• **About this exercise**
A word-for-word reproduction of the data below is needed, with no pictures in it.

• **Stored data**
++++++++++

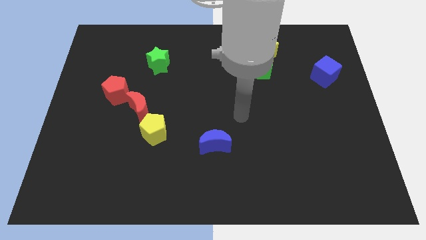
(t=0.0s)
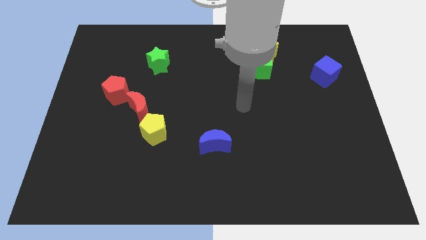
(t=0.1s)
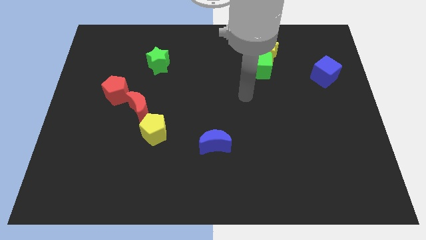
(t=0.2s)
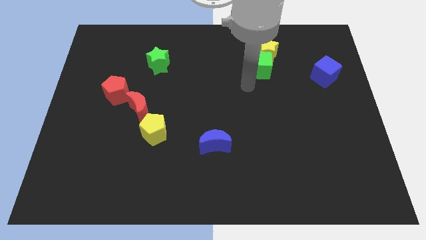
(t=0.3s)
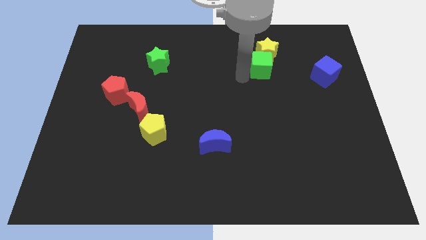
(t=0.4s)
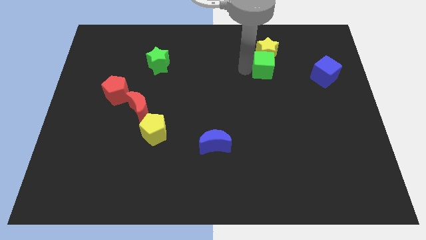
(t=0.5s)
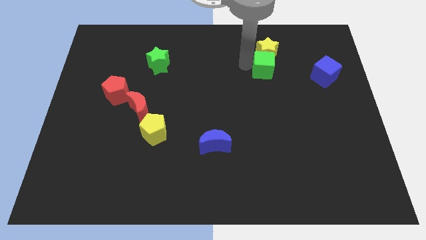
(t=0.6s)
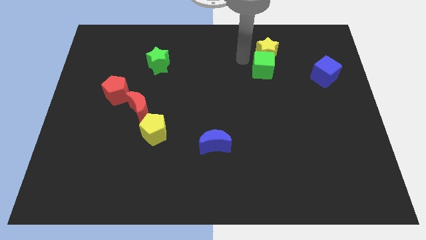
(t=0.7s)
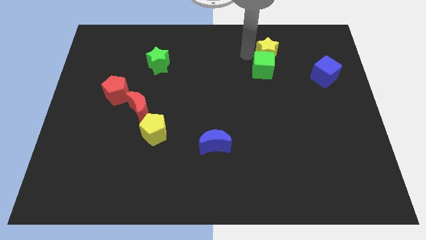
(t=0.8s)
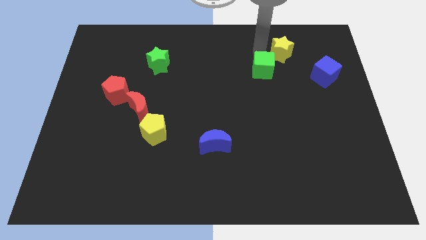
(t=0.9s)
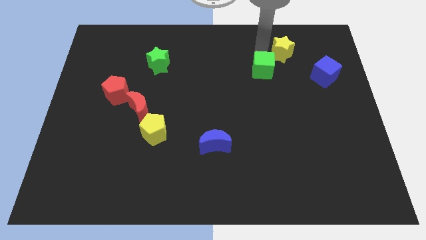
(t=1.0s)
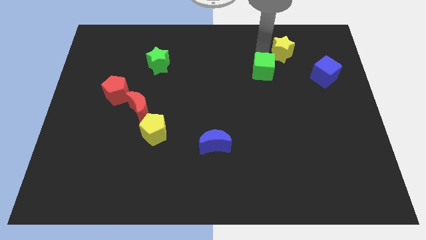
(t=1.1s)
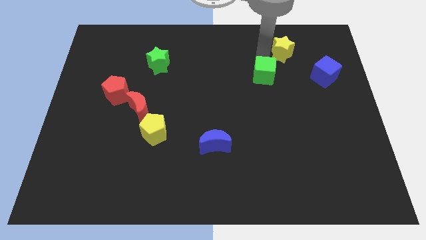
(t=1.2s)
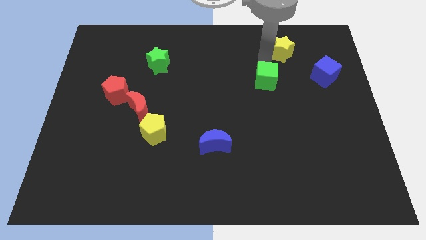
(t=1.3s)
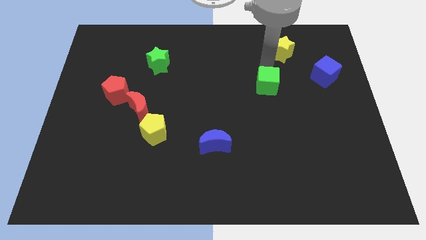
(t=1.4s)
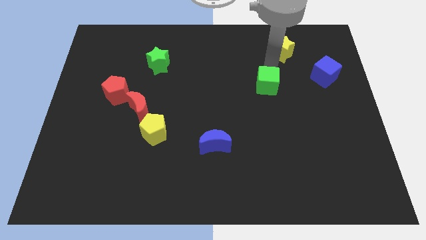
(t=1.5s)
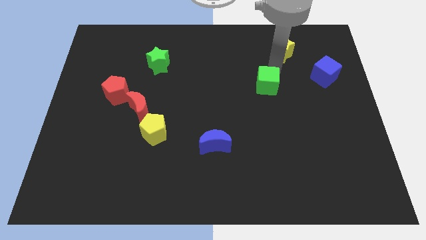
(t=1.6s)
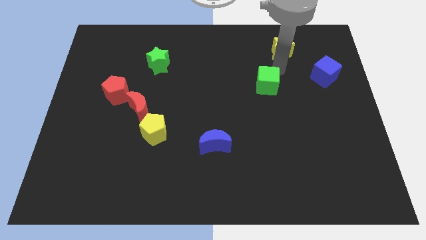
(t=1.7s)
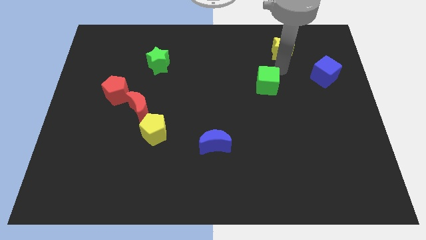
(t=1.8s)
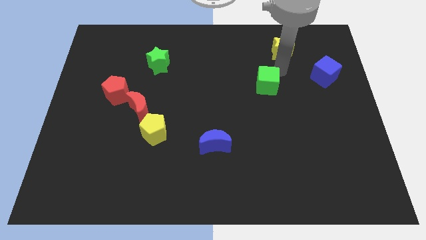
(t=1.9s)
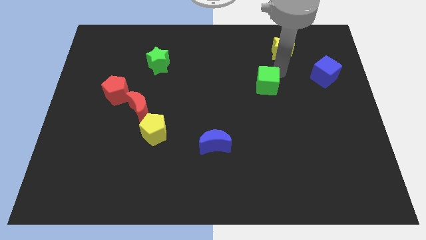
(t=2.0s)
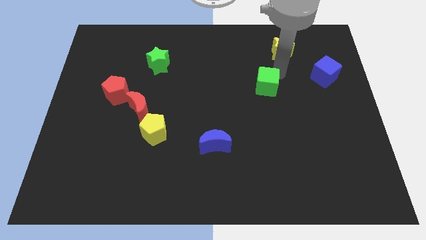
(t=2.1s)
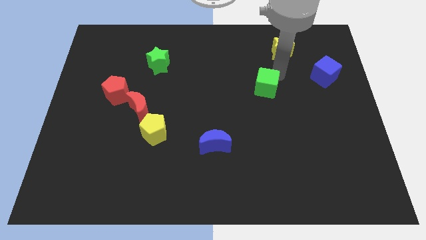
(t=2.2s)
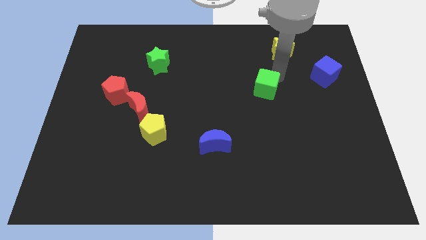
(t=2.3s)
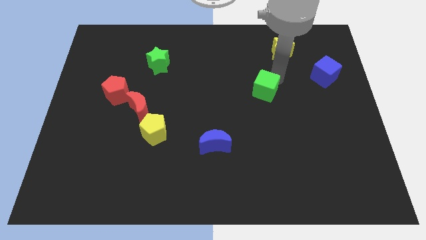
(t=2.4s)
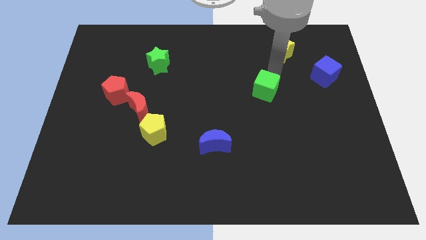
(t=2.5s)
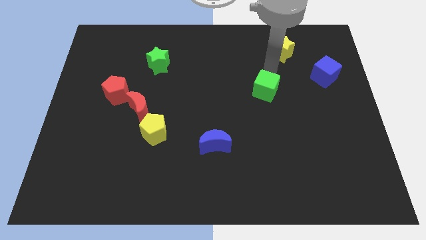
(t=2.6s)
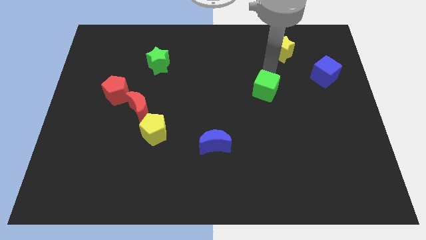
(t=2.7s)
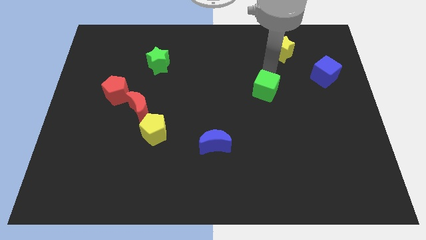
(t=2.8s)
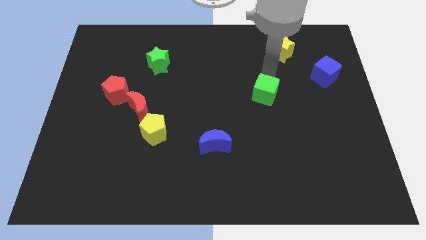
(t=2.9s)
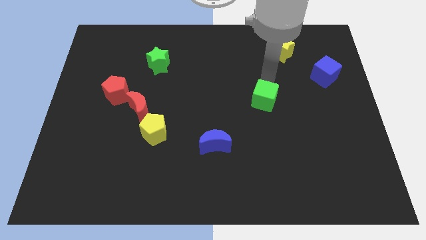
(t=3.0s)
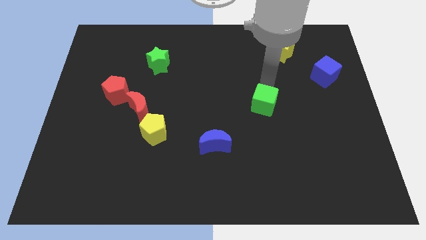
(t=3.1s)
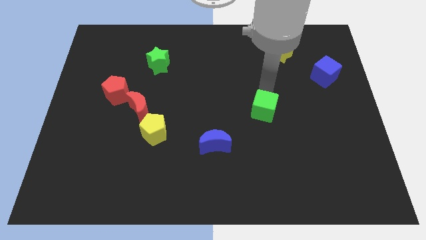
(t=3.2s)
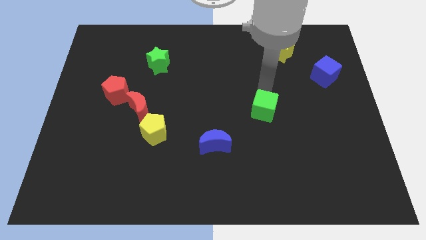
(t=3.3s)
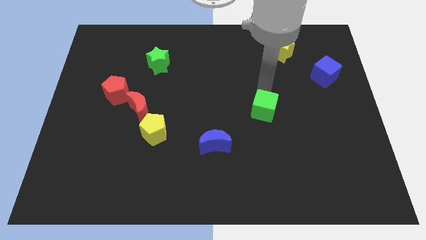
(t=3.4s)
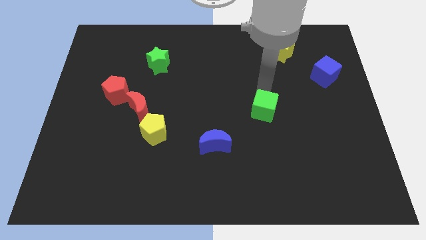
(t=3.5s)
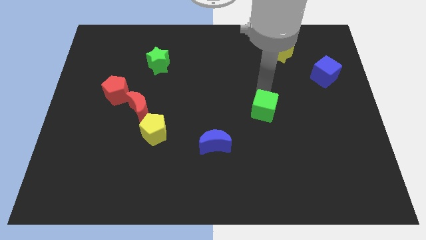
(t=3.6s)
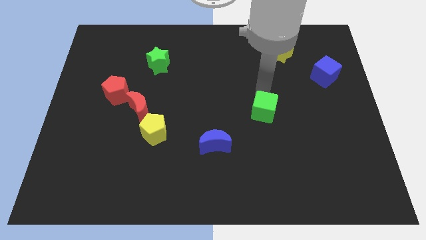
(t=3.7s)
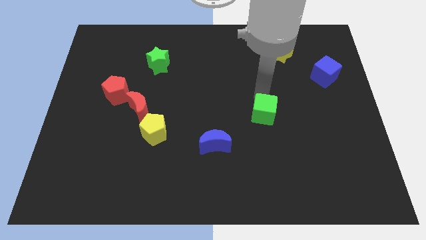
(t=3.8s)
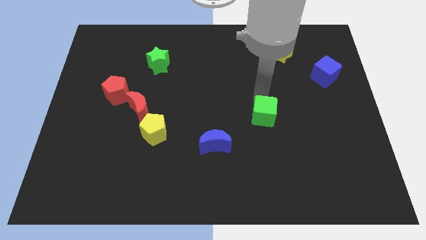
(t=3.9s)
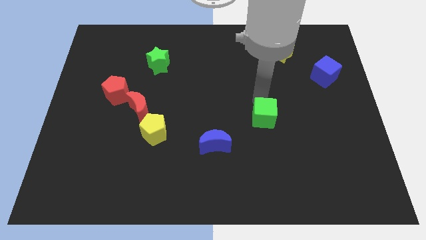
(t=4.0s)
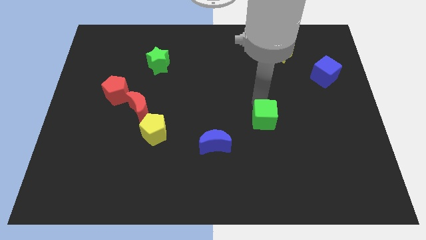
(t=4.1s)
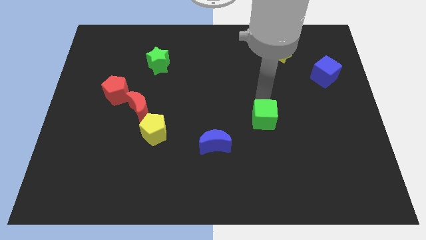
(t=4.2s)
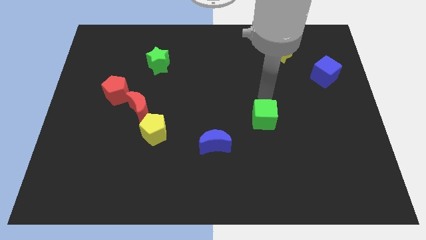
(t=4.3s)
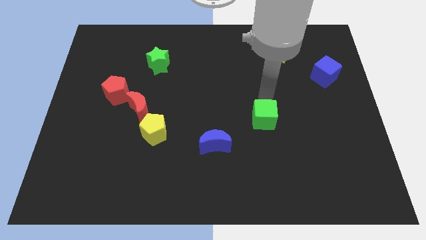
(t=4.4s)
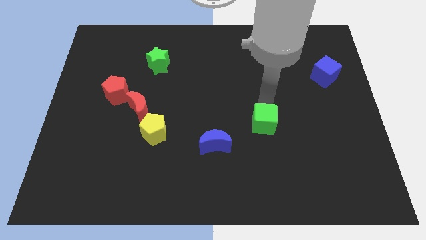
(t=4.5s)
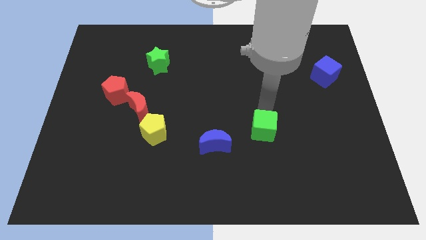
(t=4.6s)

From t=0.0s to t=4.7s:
slide the green cube to the right of the blue moon

++++++++++

• **Answer for the task**
(t=0.0s)
(t=0.1s)
(t=0.2s)
(t=0.3s)
(t=0.4s)
(t=0.5s)
(t=0.6s)
(t=0.7s)
(t=0.8s)
(t=0.9s)
(t=1.0s)
(t=1.1s)
(t=1.2s)
(t=1.3s)
(t=1.4s)
(t=1.5s)
(t=1.6s)
(t=1.7s)
(t=1.8s)
(t=1.9s)
(t=2.0s)
(t=2.1s)
(t=2.2s)
(t=2.3s)
(t=2.4s)
(t=2.5s)
(t=2.6s)
(t=2.7s)
(t=2.8s)
(t=2.9s)
(t=3.0s)
(t=3.1s)
(t=3.2s)
(t=3.3s)
(t=3.4s)
(t=3.5s)
(t=3.6s)
(t=3.7s)
(t=3.8s)
(t=3.9s)
(t=4.0s)
(t=4.1s)
(t=4.2s)
(t=4.3s)
(t=4.4s)
(t=4.5s)
(t=4.6s)

From t=0.0s to t=4.7s:
slide the green cube to the right of the blue moon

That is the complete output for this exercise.